Sarah Brady accuses Jonah Hill of emotional abuse
NEW YORK, NEW YORK – DECEMBER 05: Jonah Hill and Sarah Brady attend the “Don’t Look Up” World Premiere at Jazz at Lincoln Center on December 05, 2021 in New York City. (Photo by Kevin Mazur/Getty Images for Netflix)

Sarah Brady, Jonah Hill’s ex-girlfriend, has spoken out against the actor’s alleged emotional abuse during their relationship. Sharing a series of disturbing screenshots on her Instagram Stories on Friday, the surfer and law student seemingly exposed conversations with Hill in which he repeatedly requested she take certain photos of herself deemed “sexual” down from her social media. He also insisted that she stop being friends with men and “women who are in unstable places.”

In one of the first slides, Brady shared a screen recording of what appears to be a text conversation with the Don’t Look Up actor. “This is a warning to all girls. If your partner is talking to you like this, make an exit plan,” she captioned the post. The clip showed texts from Hill, allegedly sending screenshots of Brady’s Instagram photos that he requested she take down. Many of the photos showed Brady, who is a surfer and instructor, in—shockingly—a bikini.

Even after she complies, it appears not to be enough for Hill. “Good start…you don’t seem to get it,” he writes in successive texts. “But it’s not my place to teach you. I’ve made my boundaries clear. You refuse to let go of some of them, and you’ve made that clear. And I hope it makes you happy.” In the same conversation, she asks if he’d be more comfortable with a video of her surfing if the cover frame was different, to which he responds, “Yes, one that isn’t of your ass in a thong.” She corrects him by writing, “Not a thong.”

Sarah Brady text messages
Image credit: Instragram.com/sarahhbrady via Teen Vogue

After parting ways in early 2022, Brady admitted that she felt compelled to share her experiences after taking time to heal. “Sharing this publicly now because keeping it to myself was causing more damage to my mental health than sharing it could ever do,” she wrote. “I, too, struggle with mental health… It’s been a year of healing & growth with the help of loved ones and doctors to get back to living my life without guilt, shame, and self-judgment for things as small as surfing in a swimsuit rather than a more conservative wetsuit.”

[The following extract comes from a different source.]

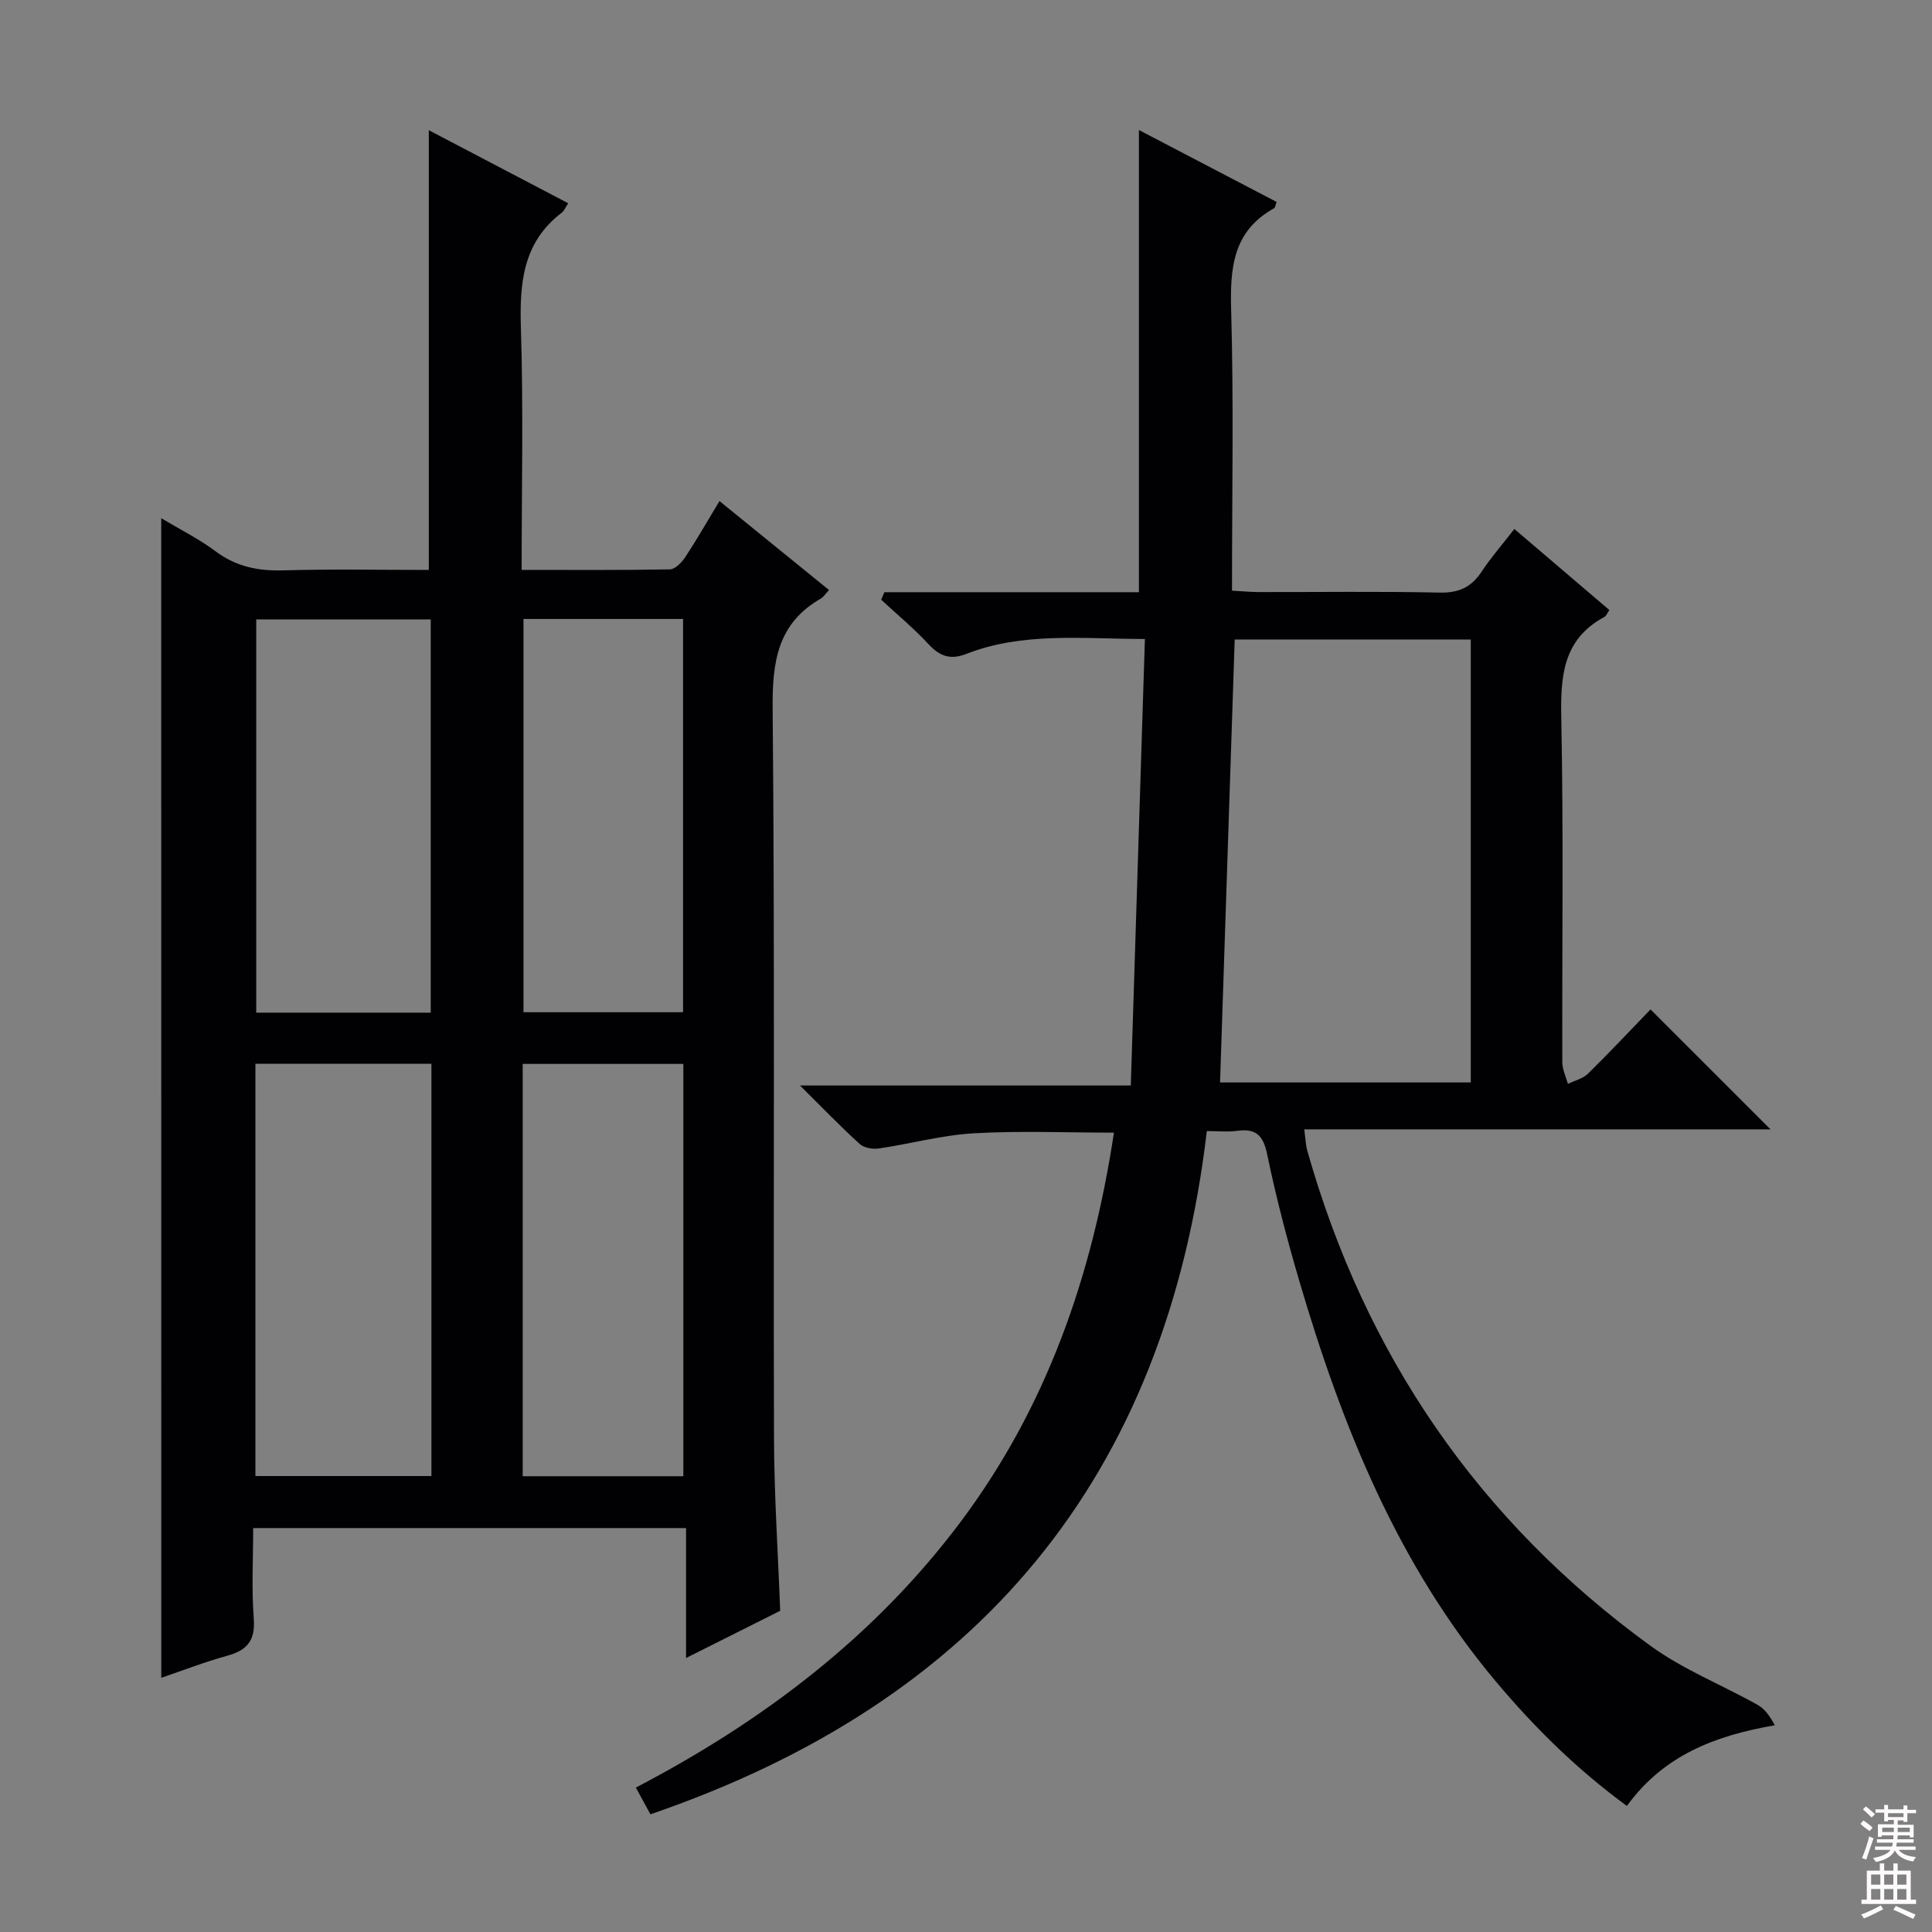 <svg enable-background="new 0 0 400 400" viewBox="0 0 400 400" xmlns="http://www.w3.org/2000/svg"><rect x="0" y="0" width="400" height="400" fill="#808080" stroke="none"/><path d="m33.38 107.29c3.96 2.37 7.83 4.29 11.24 6.84 4.25 3.18 8.77 4.1 13.97 3.96 10.13-.29 20.27-.09 30.19-.09 0-30.49 0-60.55 0-91.04 9.39 4.92 19.03 9.97 28.86 15.12-.61.92-.85 1.59-1.33 1.95-8.09 6.16-8.76 14.63-8.46 24 .52 16.45.15 32.93.15 49.96 10.48 0 20.59.08 30.7-.11 1.09-.02 2.45-1.44 3.18-2.54 2.37-3.59 4.5-7.33 7.08-11.6 7.75 6.29 15.15 12.31 22.68 18.42-.79.84-1.15 1.46-1.7 1.77-8.97 5.15-10.06 13.09-9.97 22.77.46 50.33.13 100.66.28 151 .03 11.78.82 23.57 1.28 35.8-6.06 3.04-12.41 6.22-19.49 9.77 0-9.24 0-17.91 0-26.9-30.03 0-59.44 0-89.62 0 0 6.2-.36 12.49.12 18.73.35 4.55-1.37 6.58-5.51 7.71-4.59 1.26-9.05 3-13.64 4.56-.01-80.12-.01-159.69-.01-240.08zm19.5 112.96v85.35h36.44c0-28.59 0-56.84 0-85.35-12.22 0-24.15 0-36.44 0zm.17-92v81.41h36.13c0-27.31 0-54.35 0-81.41-12.34 0-24.28 0-36.13 0zm55.17 177.39h33.26c0-28.63 0-56.96 0-85.37-11.25 0-22.15 0-33.26 0zm.16-177.49v81.42h33.04c0-27.35 0-54.34 0-81.42-11.19 0-21.97 0-33.04 0z" fill="#010103"/><path d="m183.11 122.61h52.69c0-32.05 0-63.58 0-95.69 9.38 4.9 18.96 9.91 28.51 14.89-.28.75-.3 1.19-.51 1.3-8.56 4.73-9.15 12.37-8.9 21.16.54 19.14.17 38.3.17 58.02 1.99.11 3.75.28 5.5.29 12.5.02 25-.16 37.49.11 3.95.09 6.56-1.1 8.69-4.33 1.91-2.9 4.22-5.54 6.78-8.84 6.66 5.68 13.15 11.22 19.67 16.78-.45.65-.64 1.22-1.03 1.43-8.7 4.69-9.1 12.43-8.92 21.2.47 23.65.14 47.32.21 70.98 0 1.5.75 3 1.16 4.5 1.41-.7 3.12-1.09 4.18-2.14 4.51-4.43 8.84-9.05 12.92-13.28 8.5 8.49 16.59 16.58 24.85 24.83-31.75 0-63.86 0-96.54 0 .27 1.94.29 3.21.62 4.38 11.96 42.31 35.49 76.71 71.08 102.56 6.78 4.92 14.82 8.09 22.19 12.23 1.48.83 2.56 2.38 3.53 4.21-12.38 2.14-23.01 6.22-30.62 16.7-10.28-7.51-19.1-16.21-27.1-25.73-20.43-24.32-31.94-53.06-40.76-83.08-2.52-8.59-4.79-17.27-6.6-26.03-.81-3.9-2.22-5.46-6.15-4.94-2.1.28-4.27.05-6.36.05-8.44 71.79-47.28 118.2-115.2 141.46-1.06-1.95-1.91-3.5-3.01-5.53 26.32-13.75 49.38-31.22 67.17-54.93 17.86-23.81 27.32-51 31.81-80.67-9.94 0-19.53-.41-29.07.14-6.57.38-13.06 2.18-19.61 3.14-1.28.19-3.08-.13-3.98-.95-3.9-3.54-7.56-7.35-12.34-12.09h68.49c.98-31.07 1.95-61.52 2.92-92.44-13.14-.04-25.3-1.46-36.94 3.07-3.35 1.31-5.52.52-7.87-2.01-3.04-3.28-6.51-6.15-9.79-9.2.23-.51.45-1.03.67-1.55zm72.52 9.79c-1.02 30.92-2.02 61.28-3.03 91.71h51.91c0-30.87 0-61.25 0-91.71-16.54 0-32.65 0-48.88 0z" fill="#010103"/><g fill="#fcfafa"><path d="m385.2 377.6.6-.7c.6.4 1.3.9 1.9 1.5l-.6.7c-.8-.5-1.4-1-1.9-1.5zm.3 7.1c.6-1.4 1.1-2.9 1.5-4.5.3.1.6.3.9.4-.5 1.4-1 2.9-1.5 4.4zm.2-10.1.6-.6c.7.5 1.3 1.1 1.9 1.6l-.7.7c-.6-.6-1.2-1.2-1.8-1.7zm8.4-.8h.8v.9h1.8v.7h-1.8v1.8h-.8v-.3h-1.2v.9h3.3v2.6h-.8v-.4h-2.5c0 .3 0 .6-.1.8h3.4v.7h-3.5c0 .3-.1.6-.1.8h4v.7h-3.5c.7.9 1.9 1.3 3.6 1.5-.2.2-.4.5-.6.9-1.9-.3-3.2-1.1-3.8-2.3-.5 1.1-1.8 2-3.9 2.4-.2-.3-.4-.5-.6-.8 1.9-.4 3.1-.9 3.6-1.7h-3.2v-.7h3.5c.1-.2.1-.5.2-.8h-3.3v-.7h3.4c0-.2 0-.5 0-.8h-2.4v.3h-.8v-2.6h3.3v-.9h-1.2v.3h-.8v-1.8h-1.8v-.7h1.8v-.9h.8v.9h3.2zm-4.4 5.5h2.4c0-.3 0-.6 0-.9h-2.4zm1.2-3.1h3.2v-.8h-3.2zm4.4 2.2h-2.4v.9h2.5v-.9z"/><path d="m389.2 385.8h.9v1.5h1.9v-1.5h.9v1.5h2.7v6h1.1v.9h-11.3v-.9h1.1v-6h2.7zm.2 8.7.5.8c-1.2.6-2.5 1.3-4 1.9-.2-.3-.3-.6-.6-.8 1.6-.6 3-1.3 4.1-1.9zm-2-4.3h1.9v-2.1h-1.9zm0 3.1h1.9v-2.2h-1.9zm2.7-3.1h1.9v-2.1h-1.9zm0 3.1h1.9v-2.2h-1.9zm2.4 1.3c1.4.6 2.7 1.2 4.1 1.8l-.5.9c-1.5-.7-2.8-1.4-4.1-1.9zm2.2-6.5h-1.9v2.1h1.9zm-1.9 5.2h1.9v-2.2h-1.9z"/></g></svg>

In screenshots that depict dot-pointed lists, Hill, 39, details everything Brady needed to give up to be with him, including “boundaryless inappropriate friendships with men”, modelling, pictures of herself in bathing suits, “surfing with men”, and “friendships with women who are in unstable places” from her “wild recent past”.

Sarah Brady text messages
Image credit: Instragram.com/sarahhbrady via Page Six

She also shows how the actor used emotionally manipulative language to get his point across. “I have been vulnerable as possible, and I need you to step up to the plate. Which you can. I am sure of it,” Hill writes. “I respect your love of surfing, but I respect myself as well…This isn’t me. I have my own issues that I own.”

Hill also goes on to attack Brady’s modelling, saying it was the “last profession” he would want for his partner and berating its merits.

Sarah Brady text messages
Image credit: Instragram.com/sarahhbrady via Teen Vogue

In another slide, Brady credited an excerpt from a Teen Vogue article in which a reader was seeking advice about a partner who didn’t want her to wear a bikini to the beach. She wrote that it “did for me what couples therapy didn’t.”

Brady also said that Hill used his experience in therapy as a way to “control” her. The actor, who has been vocal about treating his mental health and directed the Netflix documentary Stutz about his psychiatrist Phil Stutz, clearly employed ‘therapy speak’ to cajole and shame his then partner into doing as he wished.

Brady acknowledges the documentary as “unethical” and even wrote, “Boycott Stutz.”

Sarah Brady text messages
Image credit: Instragram.com/sarahhbrady via Page Six

Despite her experiences, she laments that her ex-partner is not necessarily a bad person. “I think fame can put people in an echo chamber of viewpoints which can enable emotionally abusive behaviour,” she wrote. “Someone being an emotionally abusive partner doesn’t mean they’re a terrible person (often stems from their own trauma), and at the same time, it doesn’t mean it’s ok.”

Hill is yet to speak out on the allegations. He and his fiancée, Olivia Millar, welcomed their first child together in June this year.